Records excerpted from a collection
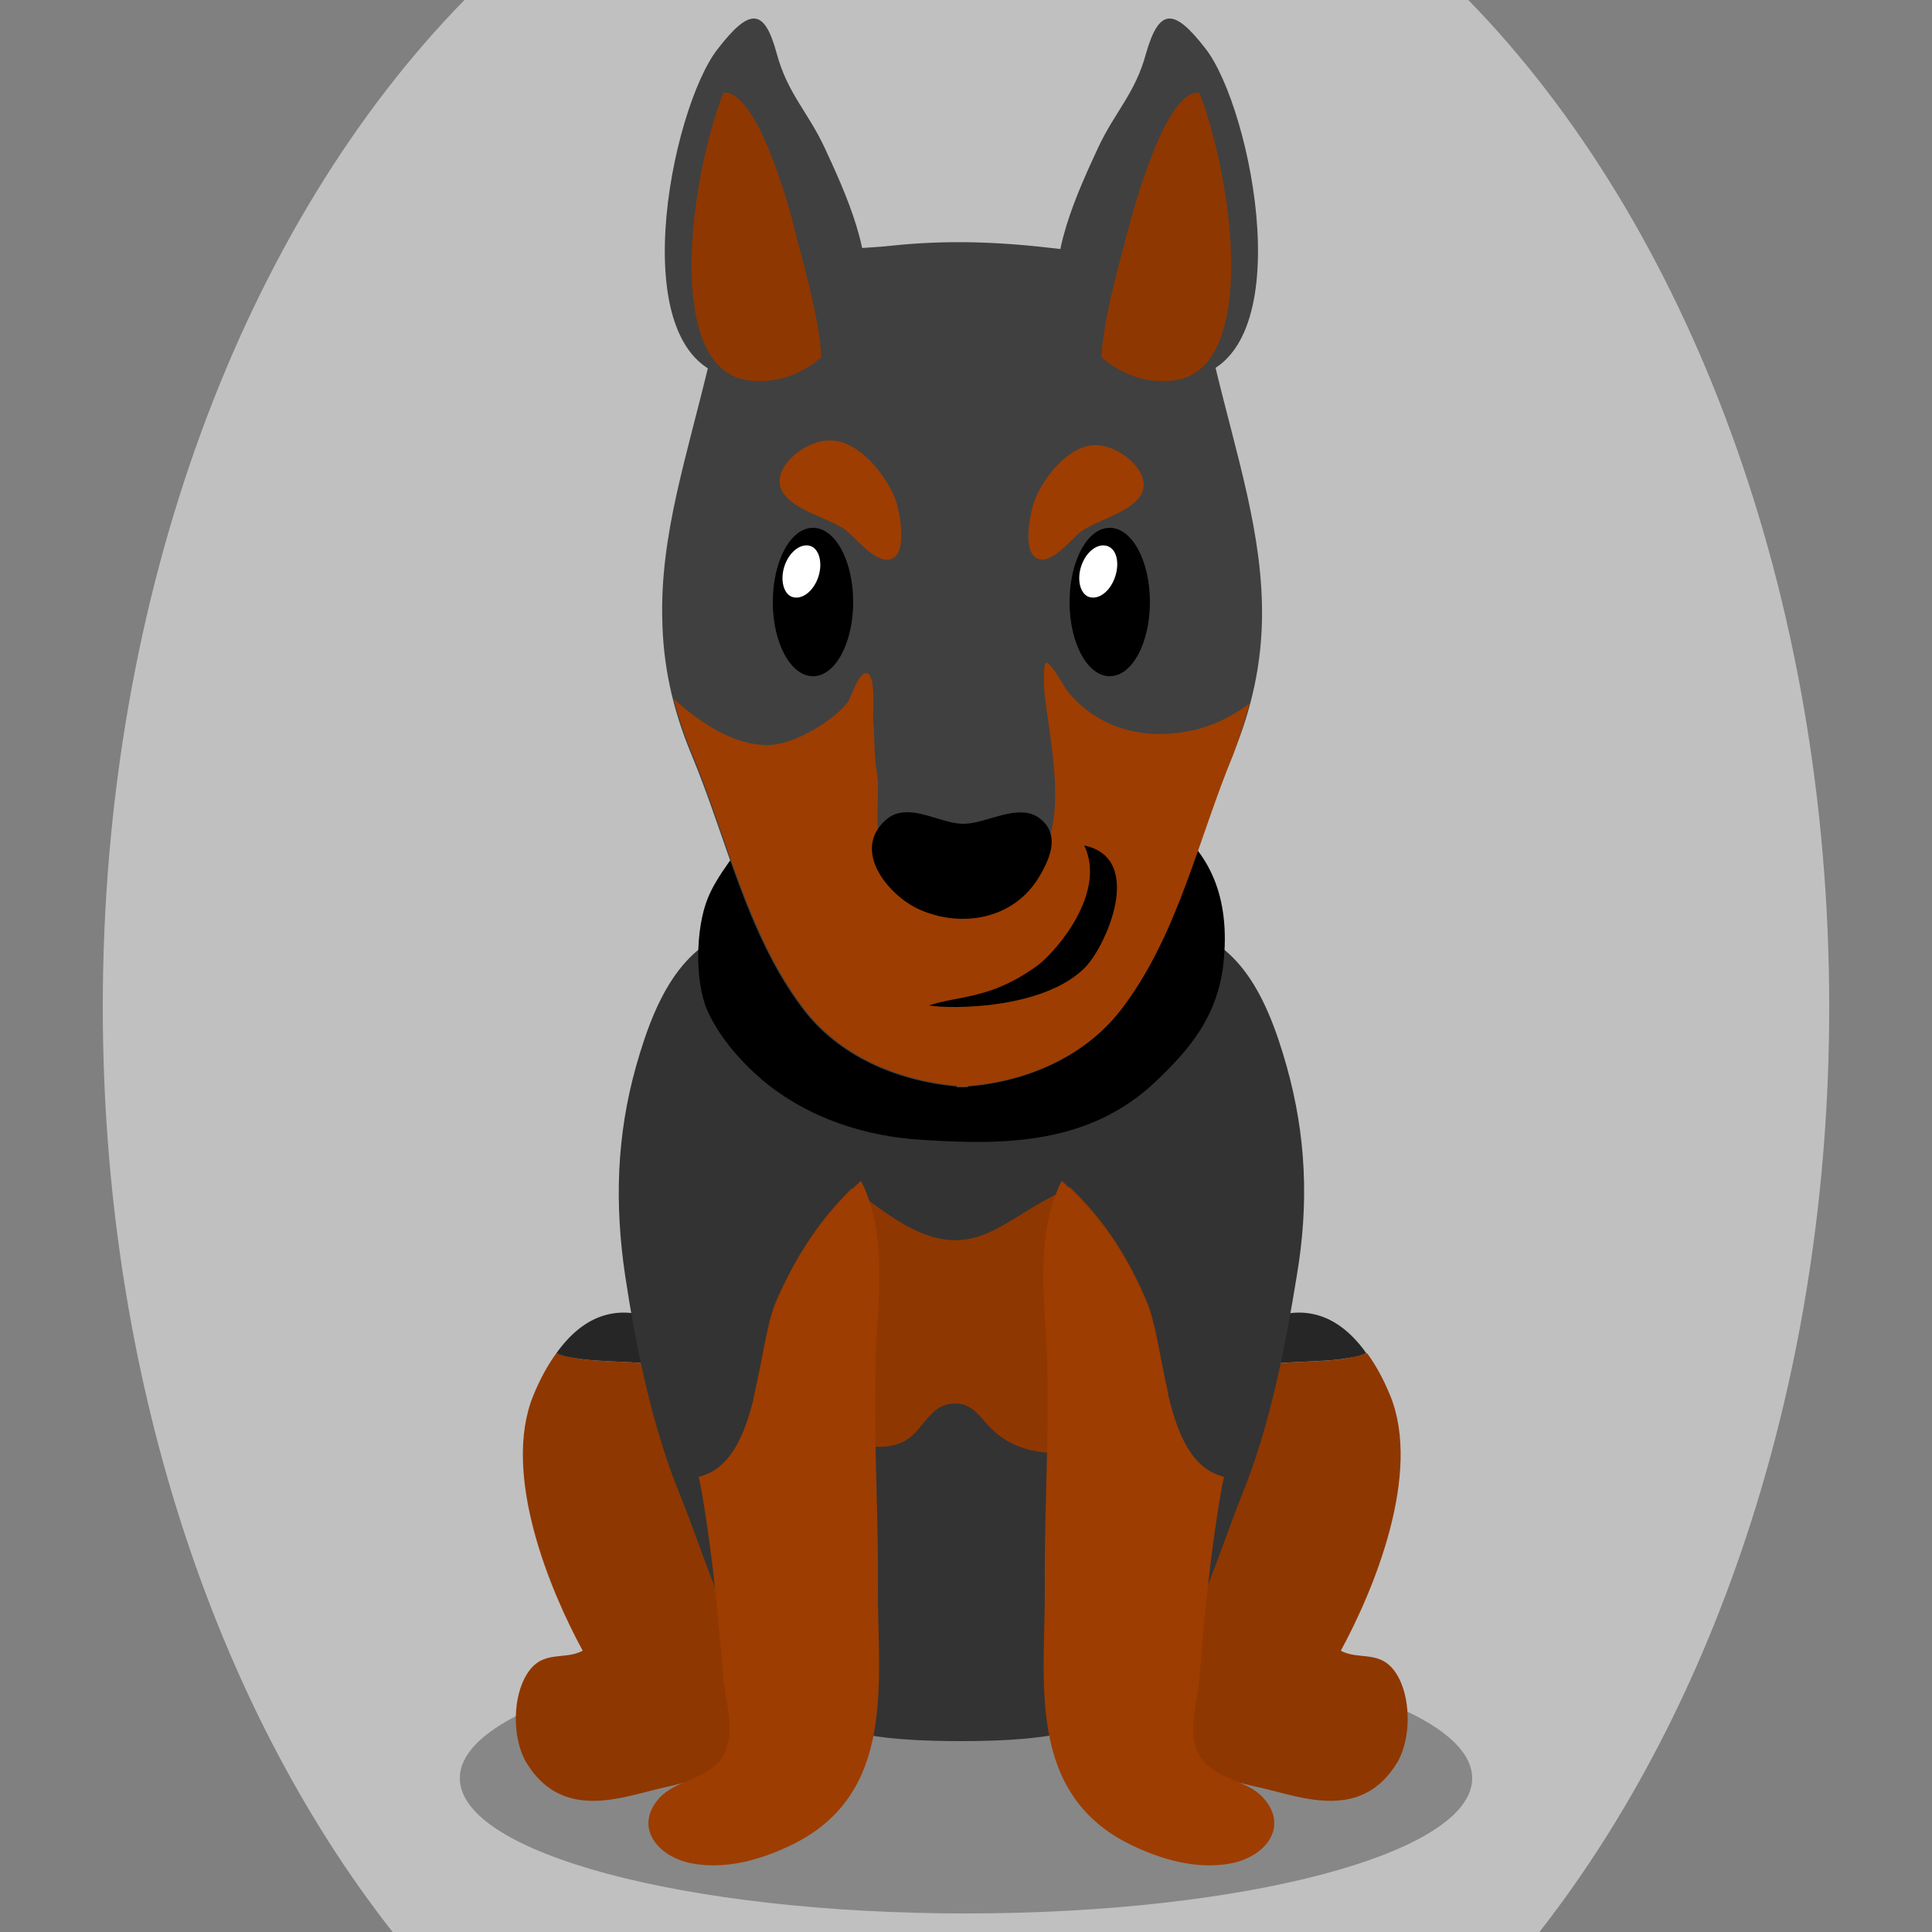 <!--?xml version="1.0" encoding="utf-8"?-->
<!-- Generator: Adobe Illustrator 25.0.1, SVG Export Plug-In . SVG Version: 6.00 Build 0)  -->
<svg version="1.1" id="Ebene_1" xmlns="http://www.w3.org/2000/svg" xmlns:xlink="http://www.w3.org/1999/xlink" x="0px" y="0px" viewBox="0 0 250 250" style="enable-background:new 0 0 250 250;" xml:space="preserve">
<rect x="0" y="0" width="250" height="250" fill="#808080" stroke="none"/>
<style type="text/css">
	.st0{opacity:0.3;}
	.st1{fill:#8f3700;}
	.st2{fill:#262626;}
	.st3{fill:#333333;}
	.st4{fill:#404040;}
	.st5{fill:#9d3d01;}
	.st6{fill:#FFFFFF;}

.bgel{fill:#C0C0C0;}</style>
<path class="bgel" d="M236.7,130.3c0,47.6-14.5,90.3-37.5,119.7H50.8c-23-29.3-37.5-72.1-37.5-119.7C13.3,76.6,31.7,29,60.1,0h129.9
	C218.3,29,236.7,76.6,236.7,130.3z"></path>
<g>
	<path class="st0" d="M190.5,230.1c0,9.7-29.3,17.5-65.5,17.5c-36.2,0-65.5-7.8-65.5-17.5c0-9.7,29.3-17.5,65.5-17.5
		C161.2,212.5,190.5,220.4,190.5,230.1z"></path>
	<g>
		<g>
			<path class="st1" d="M180.7,216.6c-2-3.2-4.8-1.7-7.2-3c4.3-7.9,10.5-22.9,6.4-33c-0.9-2.2-1.9-4-3-5.5c-1,0.3-2.1,0.6-3.5,0.8
				c-4.3,0.5-9.2,0.1-13.4,1.5c-3.1,1-5.3,3.2-7.1,3c-2.6,3.4-4.9,7.4-6.9,11.6c-4,8.6-3.6,22.1,0.5,29.1c4.2,7.2,11.1,9,16.9,10.3
				c5.2,1.2,12.9,4.3,17.5-3.5C182.7,224.6,182.5,219.4,180.7,216.6z"></path>
			<path class="st2" d="M159.9,177.4c4.1-1.4,9-1,13.4-1.5c1.4-0.2,2.6-0.4,3.5-0.8c-6.9-9.7-16.4-4.8-24,5.3
				C154.7,180.5,156.8,178.4,159.9,177.4z"></path>
		</g>
		<g>
			<path class="st1" d="M68.2,216.6c2-3.2,4.8-1.7,7.2-3c-4.3-7.9-10.5-22.9-6.4-33c0.9-2.2,1.9-4,3-5.5c1,0.3,2.1,0.6,3.5,0.8
				c4.3,0.5,9.2,0.1,13.4,1.5c3.1,1,5.3,3.2,7.1,3c2.6,3.4,4.9,7.4,6.9,11.6c4,8.6,3.6,22.1-0.5,29.1c-4.2,7.2-11.1,9-16.9,10.3
				c-5.2,1.2-12.9,4.3-17.5-3.5C66.2,224.6,66.4,219.4,68.2,216.6z"></path>
			<path class="st2" d="M88.9,177.4c-4.1-1.4-9-1-13.4-1.5c-1.4-0.2-2.6-0.4-3.5-0.8c6.9-9.7,16.4-4.8,24,5.3
				C94.2,180.5,92,178.4,88.9,177.4z"></path>
		</g>
	</g>
	<path class="st3" d="M166.5,138c-2.8-10-6.8-17.2-15.6-18.2c-8.5-1-17.4-2.7-26.1-3v0c-0.1,0-0.3,0-0.4,0c-0.1,0-0.3,0-0.4,0v0
		c-8.6,0.3-17.5,2-26.1,3c-8.8,1-12.8,8.2-15.6,18.2c-2.5,8.9-2.8,17.7-1.4,27.1c1.4,9.3,3.5,19.5,7,28.1
		c3.1,7.6,5.9,17.6,10.6,23.7c1.6,2.1,3.7,3.5,5.9,4.3c3.2,3.3,10.9,4.1,19.9,4.1c9,0,16.7-0.8,19.9-4.1c0,0,0.1,0,0.1,0
		c0-0.1,0.1-0.2,0.1-0.2c0,0,0,0,0,0c0,0.1-0.1,0.2-0.1,0.2c2.2-0.8,4.3-2.2,5.9-4.3c4.7-6.1,7.5-16,10.6-23.7
		c3.5-8.6,5.5-18.8,7-28.1C169.4,155.7,169,146.9,166.5,138z"></path>
	<g>
		<g>
			<path d="M91.6,116.2c-1.6,3.9-1.7,10.7-0.1,14.5c1.6,3.6,4.5,6.8,7.2,9.1c6,5,13.5,7.3,20.7,7.7c10.6,0.7,21.6,0.6,30.2-7.6
				c4.3-4.1,7.9-8.3,8.7-15.1c2-18-12-22.1-24-24.7c-11.3-2.5-28.5-4.2-37,7.3C95.6,110,92.8,113.2,91.6,116.2z"></path>
		</g>
		<path class="st4" d="M157.1,46.8c-1.3-5.6-2.7-10-8.1-12.6c-3.4-1.6-8.3-1.5-12-2c-7.4-0.9-14.3-1.2-21.7-0.4
			c-4.7,0.5-11,0.3-15.4,2.4c-5.4,2.6-6.8,7-8.1,12.6c-2.9,12.2-6.4,22.4-6.1,33.4c0.1,5.6,1.2,11.3,3.8,17.5
			c4.5,10.8,7.1,23.1,14.2,32.6c4.7,6.4,12.4,9.6,20.1,10.3v0.1c0.2,0,0.5,0,0.7,0c0.2,0,0.5,0,0.7,0v-0.1
			c7.7-0.6,15.4-3.9,20.1-10.3c7.1-9.5,9.7-21.8,14.2-32.6c2.6-6.2,3.7-12,3.8-17.5C163.5,69.2,160,59,157.1,46.8z"></path>
		<path class="st5" d="M161.7,91c-2.5,1.9-5.2,3.1-7.8,3.6c-9.8,1.9-14.8-3.8-16-5.5c-0.4-0.6-2.1-3.7-2.6-3.3
			c-0.3,0.3-0.2,2.6-0.2,3.1c0.3,5.5,4.3,20.2-2.5,23.2c-4.2,1.9-10.9,0-15.3-0.5c-5.4-0.6-3.2-7.5-3.8-11.4
			c-0.4-2.2-0.3-4.6-0.5-6.8c-0.1-0.9,0.4-6-0.8-6.3c-1-0.3-2,2.9-2.4,3.6c-1.1,1.8-6.7,5.9-10.9,5.7c-6.1-0.2-11.8-6.2-11.7-5.9
			c0.6,2.3,1.4,4.7,2.4,7.1c4.5,10.8,7.1,23.1,14.2,32.6c4.7,6.4,12.4,9.6,20.1,10.3v0.1c0.2,0,0.5,0,0.7,0c0.2,0,0.5,0,0.7,0v-0.1
			c7.7-0.6,15.4-3.9,20.1-10.3c7.1-9.5,9.7-21.8,14.2-32.6C160.4,95.4,161.1,93.2,161.7,91z"></path>
		<path d="M117.4,105.1c-1.1,0-2.1,0.3-3,1.2c-4.2,4.1,0.9,9.8,4.6,11.4c5.4,2.4,12.2,1.3,15.5-4.3c1.5-2.5,2.7-5.6-0.1-7.6
			c-2.7-1.9-6.8,0.8-9.7,0.8C122.4,106.6,119.8,105.1,117.4,105.1z"></path>
		<path d="M140.3,109.4c2.9,6-3.4,13.5-6,15.5c-6,4.4-10.1,3.9-14.1,5.2c2.8,0.5,14.7,0.5,20.1-4.8
			C143,122.7,148.3,111.1,140.3,109.4z"></path>
		<g>
			<g>
				<path class="st4" d="M153.8,48.9c-6.9,1-13.7-2.7-16.4-9.5c-2.2-5.5,2.2-14.9,4.7-20.3c2.2-4.7,4.8-7,6.2-12.2
					C150,1,151.9,1,156,6.3C162,14,168.6,46.7,153.8,48.9z"></path>
				<path class="st1" d="M145.9,30c-1.2,4.7-3,10.7-3.4,16.2c2.7,2.4,6.2,3.5,9.6,3c10.7-1.6,7.5-25.8,3.1-37.2c-0.2,0-0.3,0-0.5,0
					C150.7,12.7,147,25.8,145.9,30z"></path>
			</g>
			<g>
				<path class="st4" d="M95,48.9c6.9,1,13.7-2.7,16.4-9.5c2.2-5.5-2.2-14.9-4.7-20.3c-2.2-4.7-4.8-7-6.2-12.2C98.9,1,97,1,92.9,6.3
					C86.8,14,80.2,46.7,95,48.9z"></path>
				<path class="st1" d="M102.9,30c1.2,4.7,3,10.7,3.4,16.2c-2.7,2.4-6.2,3.5-9.6,3C86,47.6,89.2,23.4,93.6,12c0.2,0,0.3,0,0.5,0
					C98.1,12.7,101.9,25.8,102.9,30z"></path>
			</g>
		</g>
		<g>
			<g>
				<g>
					<path class="st5" d="M133.8,65c-0.5,1.4-1.5,6.2,0.3,7.2c1.9,1.1,4.5-2.5,5.9-3.5c2.2-1.5,5.7-2.2,7.4-4.3
						c2.2-2.8-2.2-6.7-5.5-6.8C138.1,57.5,134.7,62.3,133.8,65z"></path>
				</g>
				<g>
					<path class="st5" d="M115.9,64.7c0.5,1.5,1.5,6.4-0.3,7.5c-2,1.2-4.8-2.6-6.3-3.7c-2.4-1.6-6.1-2.3-7.8-4.5
						c-2.3-2.9,2.3-7,5.8-7C111.3,56.9,114.9,61.9,115.9,64.7z"></path>
				</g>
			</g>
		</g>
		<g>
			<path d="M110.4,77.9c0,5.3-2.3,9.6-5.2,9.6c-2.9,0-5.2-4.3-5.2-9.6c0-5.3,2.3-9.6,5.2-9.6C108.1,68.3,110.4,72.6,110.4,77.9z"></path>
			<path class="st6" d="M105,70.7c-1.2-0.5-2.7,0.5-3.4,2.3c-0.7,1.8-0.3,3.7,0.8,4.2c1.2,0.5,2.7-0.5,3.4-2.3
				C106.5,73.1,106.1,71.2,105,70.7z"></path>
		</g>
		<g>
			<path d="M148.8,77.9c0,5.3-2.3,9.6-5.2,9.6c-2.9,0-5.2-4.3-5.2-9.6c0-5.3,2.3-9.6,5.2-9.6C146.5,68.3,148.8,72.6,148.8,77.9z"></path>
			<path class="st6" d="M143.4,70.7c-1.2-0.5-2.7,0.5-3.4,2.3c-0.7,1.8-0.3,3.7,0.8,4.2c1.2,0.5,2.7-0.5,3.4-2.3
				C144.9,73.1,144.6,71.2,143.4,70.7z"></path>
		</g>
	</g>
	<path class="st1" d="M149.4,149.1c-4.4,0.9-9.5,3.8-13.2,5.7c-6.3,3.2-10,7.8-17.3,4.6c-5.1-2.2-9.1-7-14.5-8.6
		c-7.7-2.3-12.5,3.6-14,12.2c-1.5,8.2,2.3,15,8.5,18.9c4.2,2.7,13.4,6.9,17.9,4.7c2.4-1.1,3.3-4.4,5.9-4.9c3.4-0.6,4,2,6.4,3.9
		c4.8,3.9,13,2.7,17.8-0.9c7.1-5.4,12.3-18,12.1-27.2C158.6,149.5,154.4,148.1,149.4,149.1z"></path>
	<g>
		<g>
			<path class="st5" d="M155.3,227.3c-1.8-2.9-0.4-6.9-0.1-10.1c0.6-7.5,1.3-14.9,2.5-22.4c0.2-1.2,0.4-2.5,0.7-3.7
				c-0.4-0.1-0.9-0.3-1.4-0.5c-6.5-3.2-6.2-16.5-8.7-22.2c-2.6-6.2-5.9-11-10.8-15.5c0,0,0,0-0.1-0.1c-0.6,1.1-1,2.3-1.4,3.6
				c-1.4,5.1-1,11.2-0.7,15.5c0.7,11.1-0.2,22.3-0.1,33.3c0.1,12-2.6,26.8,11.1,33.5c3.9,1.9,8.6,3.3,13.1,2.4
				c4.4-0.9,7.3-4.7,4.2-8.3C161.5,230.2,157.2,230.4,155.3,227.3z"></path>
			<path class="st3" d="M148.4,168.4c2.4,5.7,2.2,19,8.7,22.2c0.5,0.2,0.9,0.4,1.4,0.5c2.8-12,9-23.5,5.1-36
				c-2.7-8.7-12.3-11.7-20.7-7.6c-2.4,1.2-4.1,3-5.3,5.3c0,0,0,0,0.1,0.1C142.6,157.4,145.8,162.3,148.4,168.4z"></path>
		</g>
		<g>
			<path class="st5" d="M93.5,227.3c1.8-2.9,0.4-6.9,0.1-10.1c-0.6-7.5-1.3-14.9-2.5-22.4c-0.2-1.2-0.4-2.5-0.7-3.7
				c0.4-0.1,0.9-0.3,1.4-0.5c6.5-3.2,6.2-16.5,8.7-22.2c2.6-6.2,5.9-11,10.8-15.5c0,0,0,0,0.1-0.1c0.6,1.1,1,2.3,1.4,3.6
				c1.4,5.1,1,11.2,0.7,15.5c-0.7,11.1,0.2,22.3,0.1,33.3c-0.1,12,2.6,26.8-11.1,33.5c-3.9,1.9-8.6,3.3-13.1,2.4
				c-4.4-0.9-7.3-4.7-4.2-8.3C87.4,230.2,91.6,230.4,93.5,227.3z"></path>
			<path class="st3" d="M100.4,168.4c-2.4,5.7-2.2,19-8.7,22.2c-0.5,0.2-0.9,0.4-1.4,0.5c-2.8-12-9-23.5-5.1-36
				c2.7-8.7,12.3-11.7,20.7-7.6c2.4,1.2,4.1,3,5.3,5.3c0,0,0,0-0.1,0.1C106.3,157.4,103.1,162.3,100.4,168.4z"></path>
		</g>
	</g>
</g>
</svg>

_Work required_
Copy out, from the data above, every line holding the word "style".

_Response_
<svg version="1.1" id="Ebene_1" xmlns="http://www.w3.org/2000/svg" xmlns:xlink="http://www.w3.org/1999/xlink" x="0px" y="0px" viewBox="0 0 250 250" style="enable-background:new 0 0 250 250;" xml:space="preserve">
<style type="text/css">
.bgel{fill:#C0C0C0;}</style>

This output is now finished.